(Records from a data source)

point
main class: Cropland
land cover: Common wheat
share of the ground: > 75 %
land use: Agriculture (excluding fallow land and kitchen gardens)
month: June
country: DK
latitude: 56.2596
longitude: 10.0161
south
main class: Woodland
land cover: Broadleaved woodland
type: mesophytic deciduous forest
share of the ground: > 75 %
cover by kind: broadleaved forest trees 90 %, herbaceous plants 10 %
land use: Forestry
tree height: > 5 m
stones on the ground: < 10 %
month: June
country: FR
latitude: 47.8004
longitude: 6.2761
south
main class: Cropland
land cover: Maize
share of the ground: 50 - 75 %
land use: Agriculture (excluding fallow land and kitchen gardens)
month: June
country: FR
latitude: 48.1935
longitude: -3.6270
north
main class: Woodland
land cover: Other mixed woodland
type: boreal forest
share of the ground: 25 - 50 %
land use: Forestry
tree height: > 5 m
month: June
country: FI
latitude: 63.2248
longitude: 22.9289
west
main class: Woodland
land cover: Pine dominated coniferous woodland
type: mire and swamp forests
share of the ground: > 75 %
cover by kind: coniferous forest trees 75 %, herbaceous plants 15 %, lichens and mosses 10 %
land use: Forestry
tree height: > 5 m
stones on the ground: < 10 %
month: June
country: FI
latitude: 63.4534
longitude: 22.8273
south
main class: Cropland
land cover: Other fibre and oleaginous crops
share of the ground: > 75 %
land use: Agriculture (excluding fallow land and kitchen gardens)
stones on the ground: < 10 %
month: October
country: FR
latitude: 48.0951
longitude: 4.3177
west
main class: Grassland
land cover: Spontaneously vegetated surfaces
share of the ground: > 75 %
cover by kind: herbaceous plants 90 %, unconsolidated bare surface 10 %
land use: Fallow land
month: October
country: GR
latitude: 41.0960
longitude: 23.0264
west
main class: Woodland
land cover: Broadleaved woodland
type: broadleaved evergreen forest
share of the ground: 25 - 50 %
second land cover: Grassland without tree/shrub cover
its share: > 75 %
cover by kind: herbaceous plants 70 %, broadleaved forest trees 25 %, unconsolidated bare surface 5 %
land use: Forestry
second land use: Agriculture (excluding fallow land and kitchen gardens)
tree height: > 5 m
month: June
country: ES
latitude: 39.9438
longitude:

Exercise brief » After locating the line with "type: mesophytic deciduous forest" above, return that line and every later line through the one with "cover by kind: coniferous", word for word and with nothing else.

Your solution »
type: mesophytic deciduous forest
share of the ground: > 75 %
cover by kind: broadleaved forest trees 90 %, herbaceous plants 10 %
land use: Forestry
tree height: > 5 m
stones on the ground: < 10 %
month: June
country: FR
latitude: 47.8004
longitude: 6.2761
south
main class: Cropland
land cover: Maize
share of the ground: 50 - 75 %
land use: Agriculture (excluding fallow land and kitchen gardens)
month: June
country: FR
latitude: 48.1935
longitude: -3.6270
north
main class: Woodland
land cover: Other mixed woodland
type: boreal forest
share of the ground: 25 - 50 %
land use: Forestry
tree height: > 5 m
month: June
country: FI
latitude: 63.2248
longitude: 22.9289
west
main class: Woodland
land cover: Pine dominated coniferous woodland
type: mire and swamp forests
share of the ground: > 75 %
cover by kind: coniferous forest trees 75 %, herbaceous plants 15 %, lichens and mosses 10 %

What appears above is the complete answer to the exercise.